Codeforces Round #602 (Div. 2, based on Technocup 2020 Elimination Round 3) B. Box 贪心

B. Box

Permutation p is a sequence of integers p=[p1,p2,…,pn], consisting of n distinct (unique) positive integers between 1 and n, inclusive. For example, the following sequences are permutations: [3,4,1,2], [1], [1,2]. The following sequences are not permutations: [0], [1,2,1], [2,3], [0,1,2].

The important key is in the locked box that you need to open. To open the box you need to enter secret code. Secret code is a permutation p of length n.

You don't know this permutation, you only know the array q of prefix maximums of this permutation. Formally:

q1=p1,

q2=max(p1,p2),

q3=max(p1,p2,p3),

...

qn=max(p1,p2,…,pn).

You want to construct any possible suitable permutation (i.e. any such permutation, that calculated q for this permutation is equal to the given array).

Input

The first line contains integer number t (1≤t≤104) — the number of test cases in the input. Then t test cases follow.

The first line of a test case contains one integer n (1≤n≤105) — the number of elements in the secret code permutation p.

The second line of a test case contains n integers q1,q2,…,qn (1≤qi≤n) — elements of the array q for secret permutation. It is guaranteed that qi≤qi+1 for all i (1≤i<n).

The sum of all values n over all the test cases in the input doesn't exceed 105.

Output

For each test case, print:

If it's impossible to find such a permutation p, print "-1" (without quotes).

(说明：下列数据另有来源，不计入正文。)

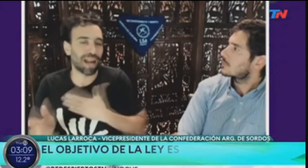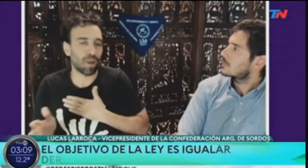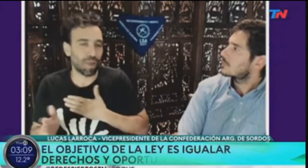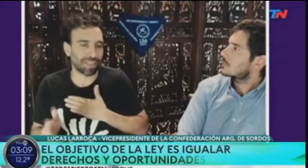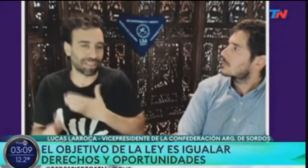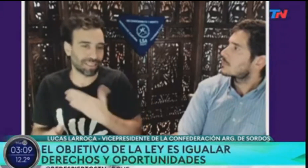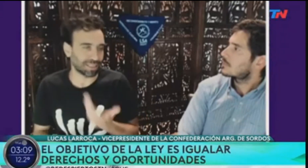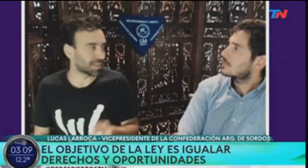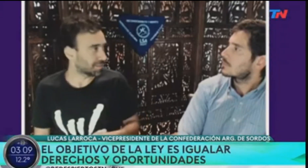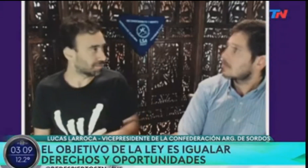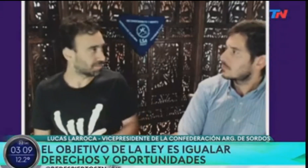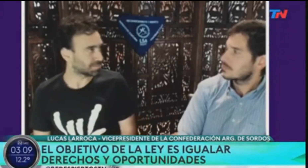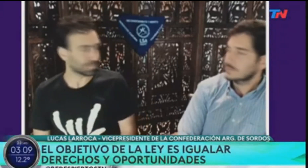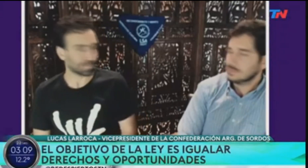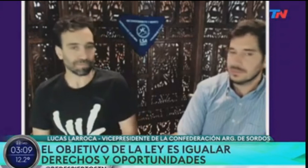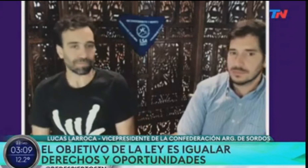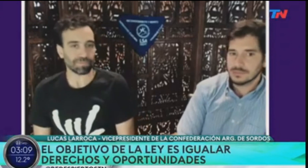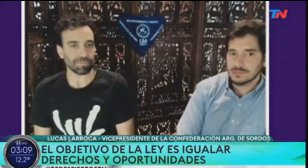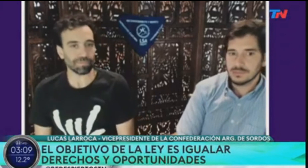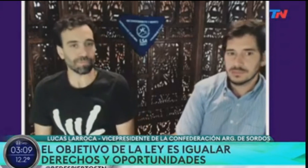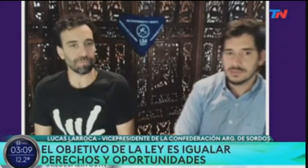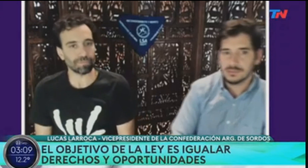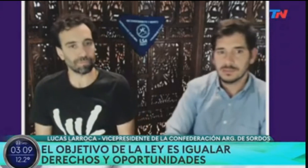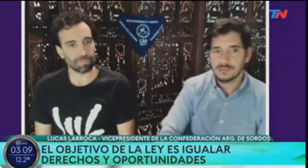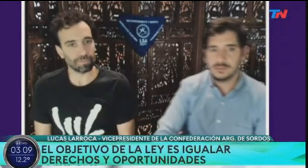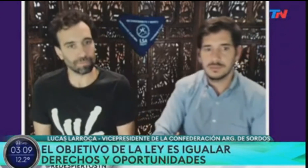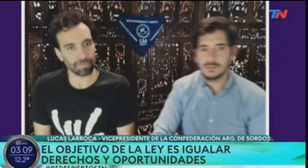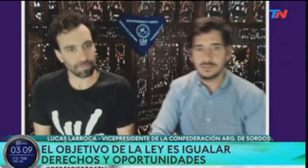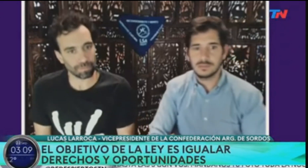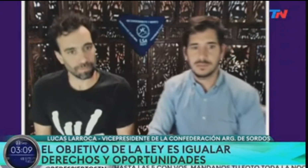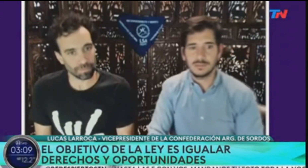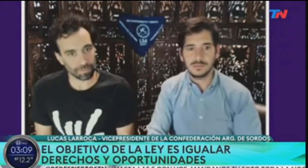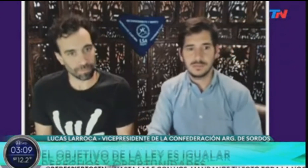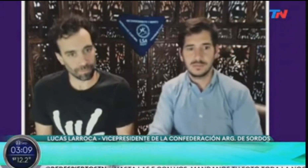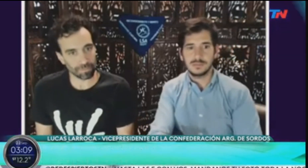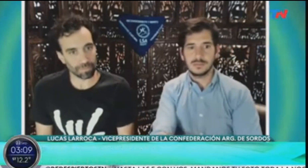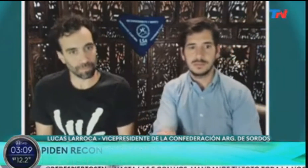se podría proteger entonces la lengua de señas.

Otherwise, print n distinct integers p1,p2,…,pn (1≤pi≤n). If there are multiple possible answers, you can print any of them.

Example

input

4

5

1 3 4 5 5

4

1 1 3 4

2

2 2

1

1

output

1 3 4 5 2

-1

2 1

1

Note

In the first test case of the example answer [1,3,4,5,2] is the only possible answer:

q1=p1=1;

q2=max(p1,p2)=3;

q3=max(p1,p2,p3)=4;

q4=max(p1,p2,p3,p4)=5;

q5=max(p1,p2,p3,p4,p5)=5.

It can be proved that there are no answers for the second test case of the example.

题意

现在给你前缀最大值是多少，让你还原这个排列，问你是否有解。

题解

给了你前缀最大值，我们现在如果发现前缀最大值变化了，那么这个位置肯定是这个最大值，否则就插入了一个小的数，那么我们插入最小的就好。

代码

#include<bits/stdc++.h>
using namespace std;
vector<int>Q;
void solve(){
	int n;scanf("%d",&n);
	Q.clear();
	vector<int> ans;
	set<int>S;
	for(int i=0;i<n;i++){
		int x;scanf("%d",&x);
		Q.push_back(x);
		S.insert(i+1);
	}
	int mx = 0;
	for(int i=0;i<n;i++){
		if(Q[i]>mx){
			if(S.count(Q[i])){
				S.erase(Q[i]);
				ans.push_back(Q[i]);
			}else{
				cout<<"-1"<<endl;
				return;
			}
			mx = Q[i];
		}else{
			if(*S.begin()>mx){
				cout<<"-1"<<endl;
				return;
			}else{
				ans.push_back(*S.begin());
				S.erase(S.begin());
			}
		}
	}
	for(int i=0;i<ans.size();i++){
		cout<<ans[i]<<" ";
	}
	cout<<endl;
}
int main(){
	int t;
	scanf("%d",&t);
	while(t--){
		solve();
	}
}